- [Supplied data]
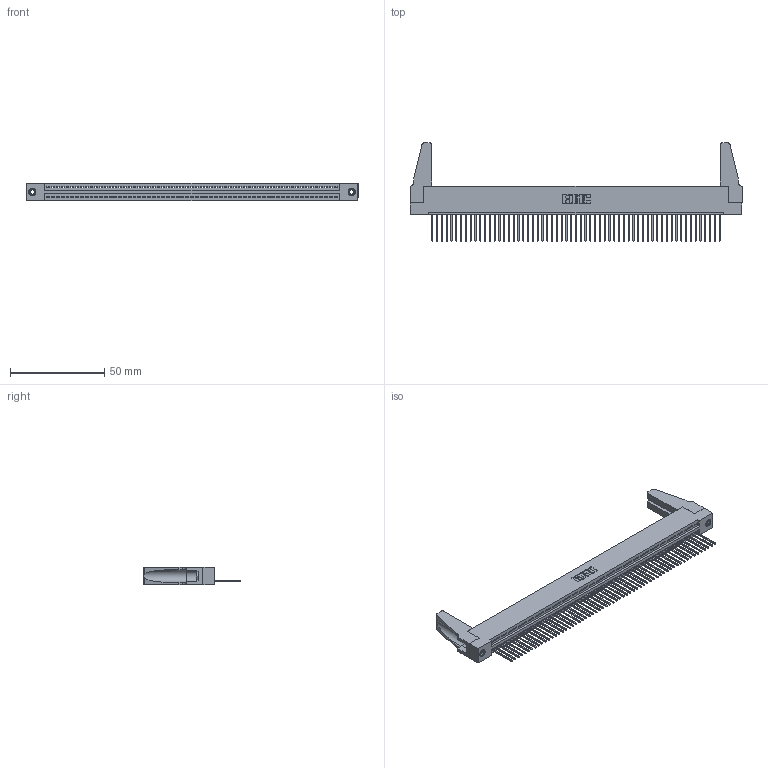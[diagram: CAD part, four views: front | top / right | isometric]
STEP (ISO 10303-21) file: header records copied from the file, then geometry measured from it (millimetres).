
FILE_DESCRIPTION (( 'STEP AP203' ), '1' );
FILE_NAME ('395-061-540-188.STEP', '2019-10-24T15:01:38', ( '' ), ( '' ), 'SwSTEP 2.0', 'SolidWorks 2016', '' );
FILE_SCHEMA (( 'CONFIG_CONTROL_DESIGN' ));
Length unit declared in the file: inch
Products named in the file (5): 345-220-078_345-220-088; 345-250-001_345-250-001-102; 395-061-540-188; 345-292-001_345-293-140; 345 Part_Flush Mounting Lugs - 0.156 Dia-TH
Assembly tree (66 placements, depth 2):
  395-061-540-188
    345 Part_Flush Mounting Lugs - 0.156 Dia-TH
    345-292-001_345-293-140  x61
    345-250-001_345-250-001-102  x2
    345-220-078_345-220-088  x2
Bounding box: 176.17 x 51.99 x 9.4 mm (x, y, z)
Volume: 20224 mm3; surface area: 26535.4 mm2
Topology: 66 solids, 66 shells, 3788 faces, 11391 edges, 7502 vertices
Faces by surface type: plane 2592, cylinder 1180, cone 12, torus 4
Entity records: 45518 total; most frequent: CARTESIAN_POINT 7873, ORIENTED_EDGE 7828, DIRECTION 6856, EDGE_CURVE 3914, VECTOR 3496, LINE 3496, VERTEX_POINT 2602, AXIS2_PLACEMENT_3D 1680

- [Assignment] In the entries above, count the lines that contain the string "Lugs" and reply with the number only.

- [Answer to this exercise] 2